Work request: Repeat the lines of the data exactly and exclude any picture among them.

Records drawn from a dataset
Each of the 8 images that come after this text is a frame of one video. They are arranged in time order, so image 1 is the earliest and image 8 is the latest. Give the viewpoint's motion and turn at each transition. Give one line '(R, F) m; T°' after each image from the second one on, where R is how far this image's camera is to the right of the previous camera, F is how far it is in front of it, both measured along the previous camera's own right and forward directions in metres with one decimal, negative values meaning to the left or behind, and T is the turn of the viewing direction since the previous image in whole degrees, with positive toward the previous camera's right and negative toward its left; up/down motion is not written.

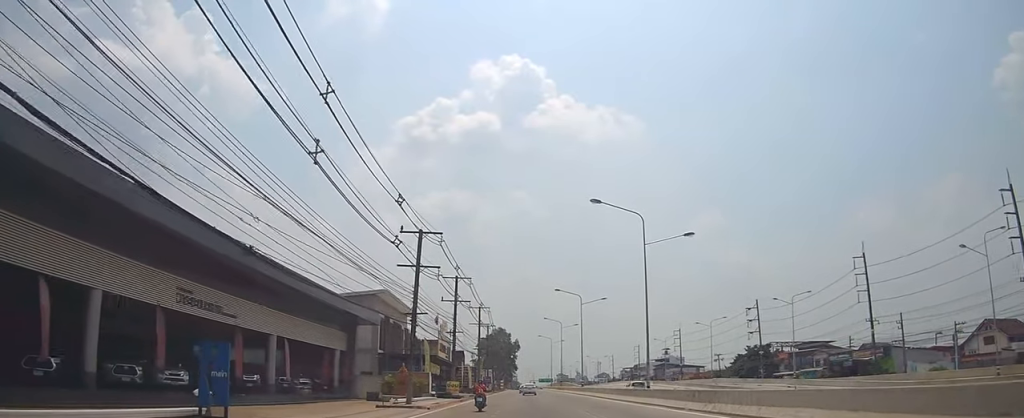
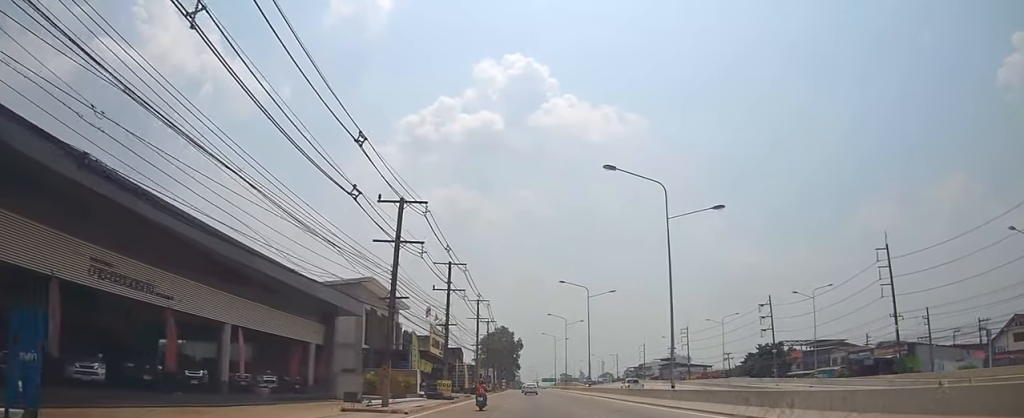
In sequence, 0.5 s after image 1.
(+0.5, +5.7) m; -1°
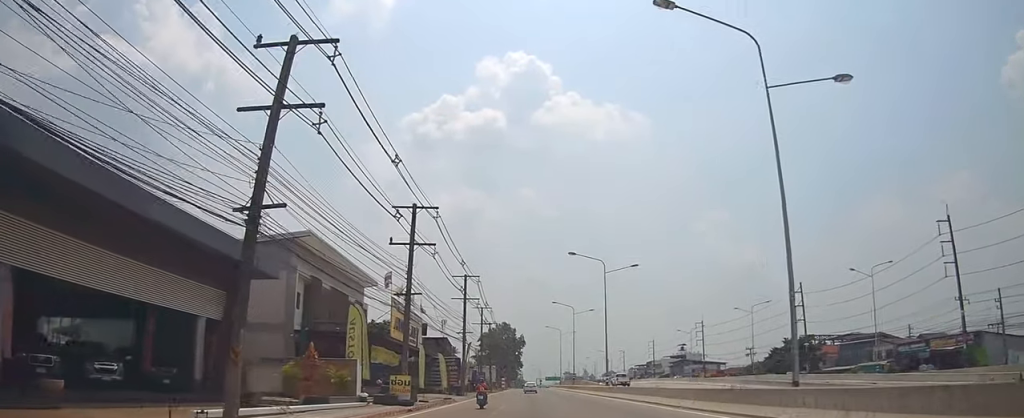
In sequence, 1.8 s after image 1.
(-1.0, +14.1) m; -2°
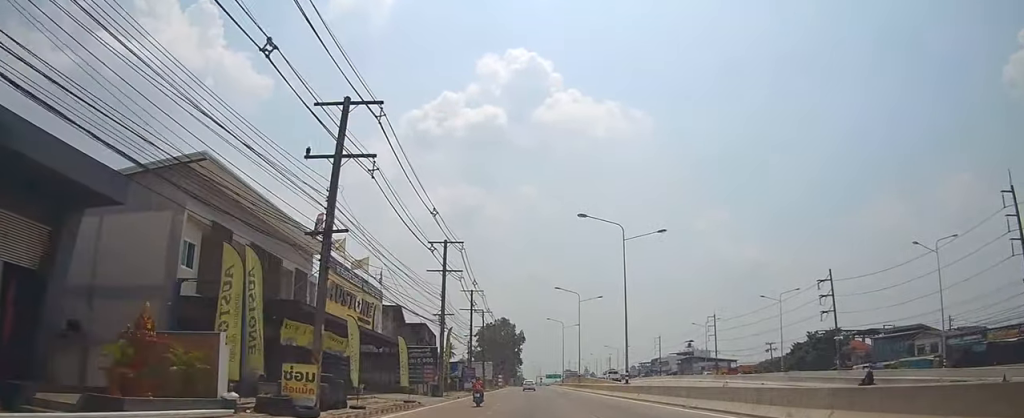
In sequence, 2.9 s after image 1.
(+0.4, +12.0) m; +1°
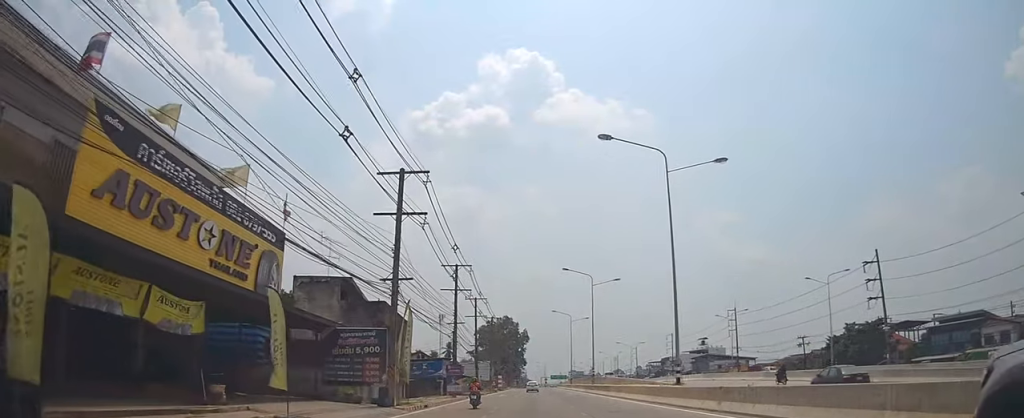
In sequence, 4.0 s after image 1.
(-0.4, +14.2) m; -3°
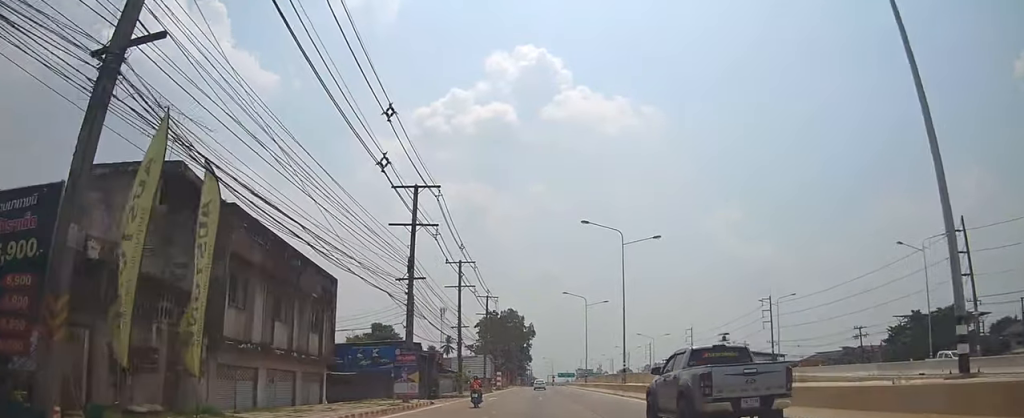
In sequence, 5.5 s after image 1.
(+0.1, +19.0) m; +1°
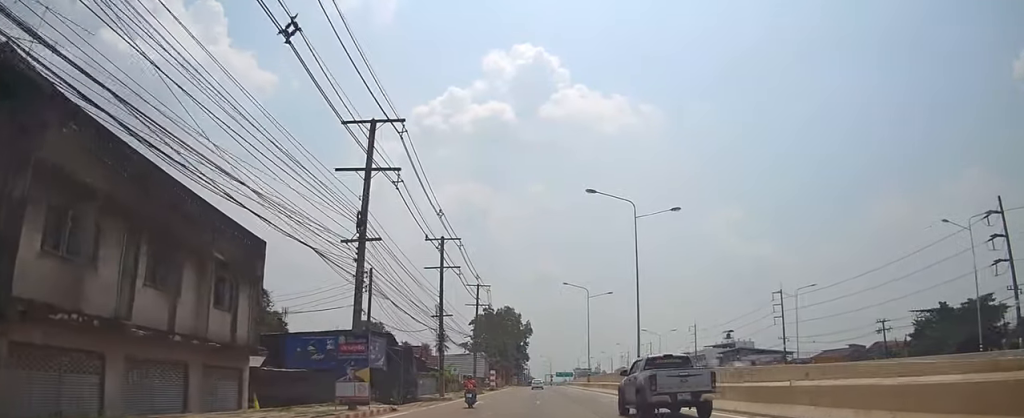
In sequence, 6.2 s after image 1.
(-0.1, +8.0) m; 0°
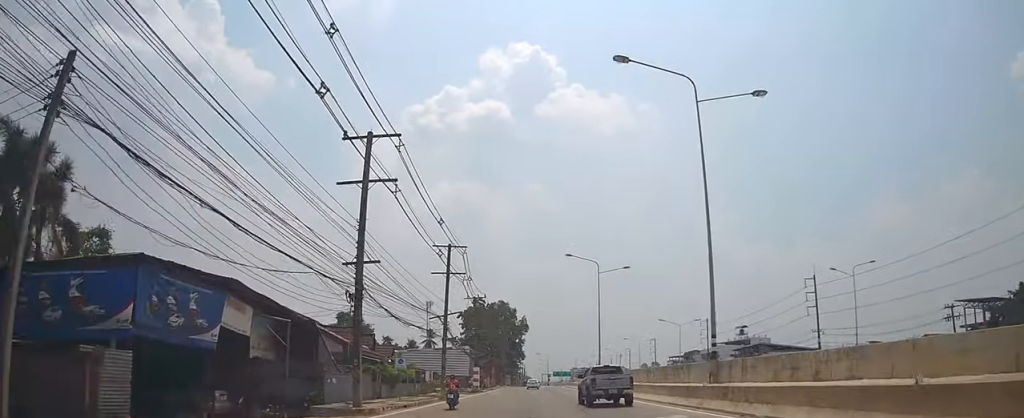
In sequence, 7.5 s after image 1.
(-0.1, +18.1) m; 0°

Finished task:
Each of the 8 images that come after this text is a frame of one video. They are arranged in time order, so image 1 is the earliest and image 8 is the latest. Give the viewpoint's motion and turn at each transition. Give one line '(R, F) m; T°' after each image from the second one on, where R is how far this image's camera is to the right of the previous camera, F is how far it is in front of it, both measured along the previous camera's own right and forward directions in metres with one decimal, negative values meaning to the left or behind, and T is the turn of the viewing direction since the previous image in whole degrees, with positive toward the previous camera's right and negative toward its left; up/down motion is not written.

In sequence, 0.5 s after image 1.
(+0.5, +5.7) m; -1°
In sequence, 1.8 s after image 1.
(-1.0, +14.1) m; -2°
In sequence, 2.9 s after image 1.
(+0.4, +12.0) m; +1°
In sequence, 4.0 s after image 1.
(-0.4, +14.2) m; -3°
In sequence, 5.5 s after image 1.
(+0.1, +19.0) m; +1°
In sequence, 6.2 s after image 1.
(-0.1, +8.0) m; 0°
In sequence, 7.5 s after image 1.
(-0.1, +18.1) m; 0°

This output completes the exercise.